== Given records ==

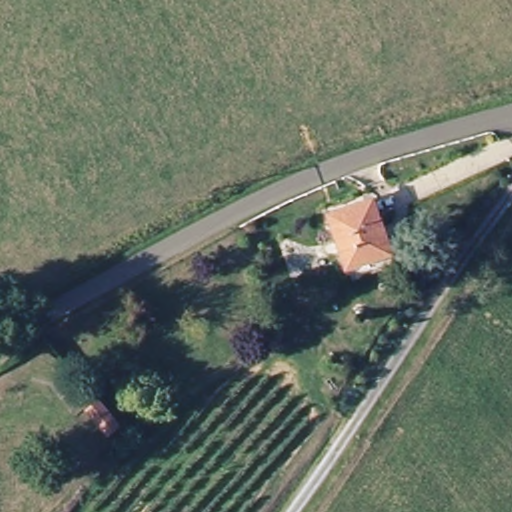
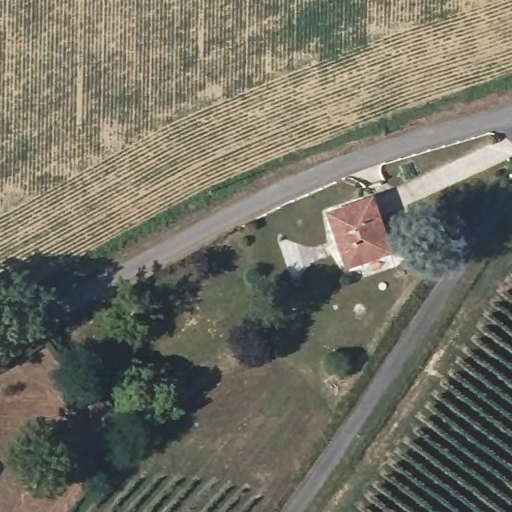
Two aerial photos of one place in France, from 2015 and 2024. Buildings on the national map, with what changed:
unchanged [(373,202),(392,254),(347,271),(328,219),(373,202)]
unchanged [(90,397),(110,417),(100,427),(80,405),(90,397)]

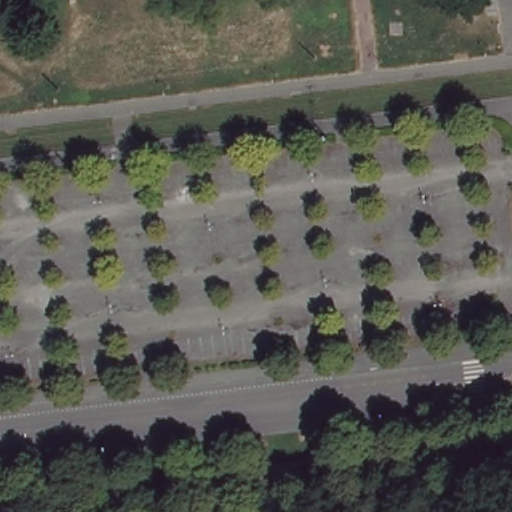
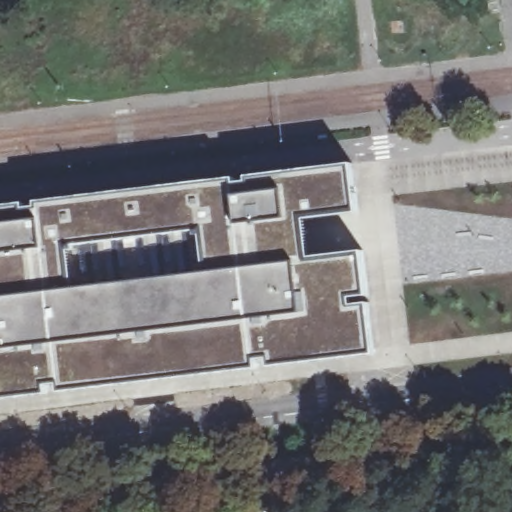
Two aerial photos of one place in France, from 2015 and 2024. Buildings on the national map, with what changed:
new [(376,356),(0,400),(0,206),(353,165),(359,212),(304,218),(308,260),(364,253),(376,356)]

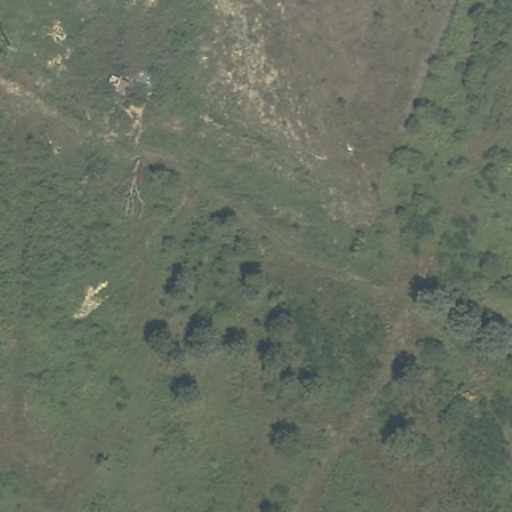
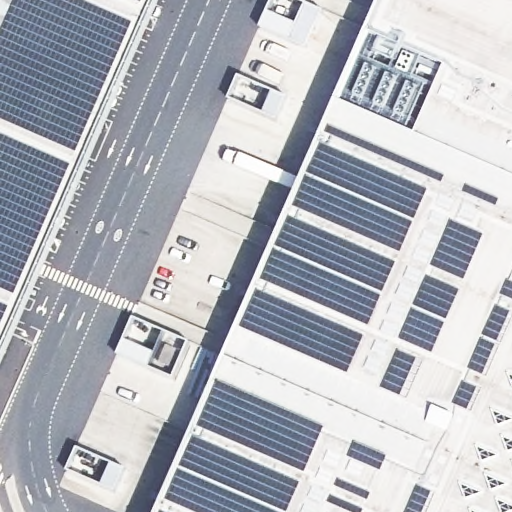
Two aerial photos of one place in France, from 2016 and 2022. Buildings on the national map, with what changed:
new [(162,0),(0,373),(0,0),(162,0)]
new [(381,0),(512,0),(512,512),(159,512),(381,0)]

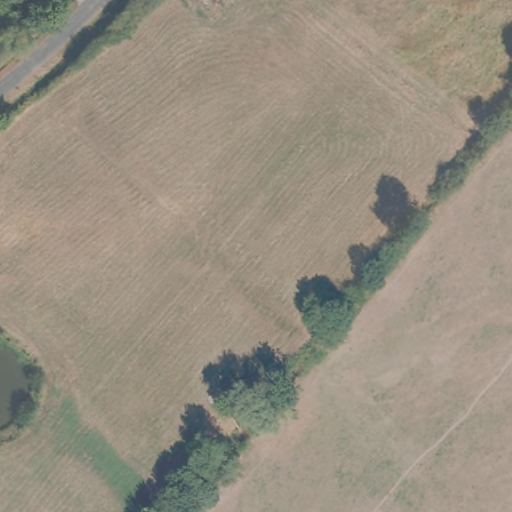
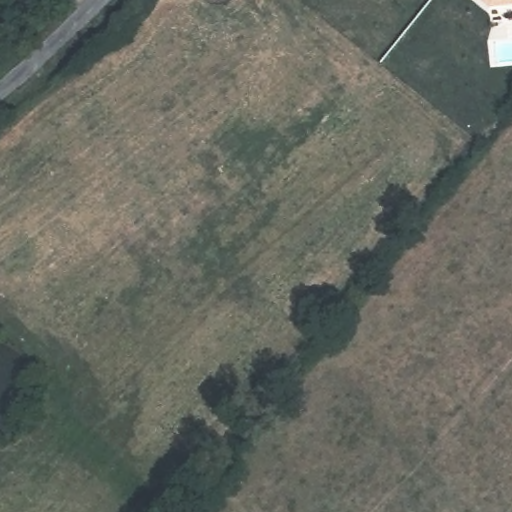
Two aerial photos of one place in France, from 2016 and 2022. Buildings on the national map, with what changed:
new [(490,8),(480,0),(512,0),(512,6),(490,8)]

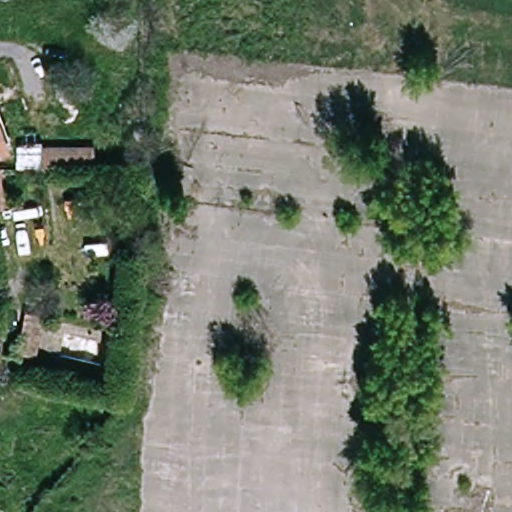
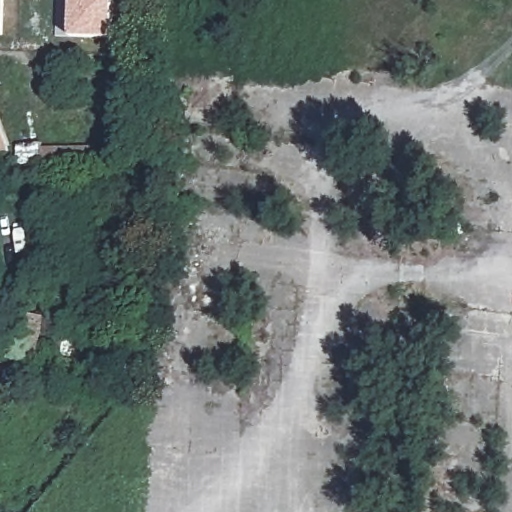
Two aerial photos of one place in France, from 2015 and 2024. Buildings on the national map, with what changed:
new [(2,36),(0,35),(0,0),(4,0),(2,36)]
new [(114,38),(70,36),(71,0),(114,0),(114,38)]
unchanged [(0,152),(0,116),(10,149),(0,152)]
unchanged [(12,165),(12,145),(103,145),(104,165),(12,165)]
unchanged [(0,167),(3,208),(0,208),(0,167)]
unchanged [(30,309),(49,312),(43,352),(25,350),(30,309)]
unchanged [(9,353),(0,351),(0,323),(11,325),(9,353)]

===

All text in the material above must be written out exactly; the images are to be skipped.

Response area -
Two aerial photos of one place in France, from 2015 and 2024. Buildings on the national map, with what changed:
unchanged [(373,202),(392,254),(347,271),(328,219),(373,202)]
unchanged [(90,397),(110,417),(100,427),(80,405),(90,397)]

Two aerial photos of one place in France, from 2015 and 2024. Buildings on the national map, with what changed:
new [(376,356),(0,400),(0,206),(353,165),(359,212),(304,218),(308,260),(364,253),(376,356)]

Two aerial photos of one place in France, from 2016 and 2022. Buildings on the national map, with what changed:
new [(162,0),(0,373),(0,0),(162,0)]
new [(381,0),(512,0),(512,512),(159,512),(381,0)]

Two aerial photos of one place in France, from 2016 and 2022. Buildings on the national map, with what changed:
new [(490,8),(480,0),(512,0),(512,6),(490,8)]

Two aerial photos of one place in France, from 2015 and 2024. Buildings on the national map, with what changed:
new [(2,36),(0,35),(0,0),(4,0),(2,36)]
new [(114,38),(70,36),(71,0),(114,0),(114,38)]
unchanged [(0,152),(0,116),(10,149),(0,152)]
unchanged [(12,165),(12,145),(103,145),(104,165),(12,165)]
unchanged [(0,167),(3,208),(0,208),(0,167)]
unchanged [(30,309),(49,312),(43,352),(25,350),(30,309)]
unchanged [(9,353),(0,351),(0,323),(11,325),(9,353)]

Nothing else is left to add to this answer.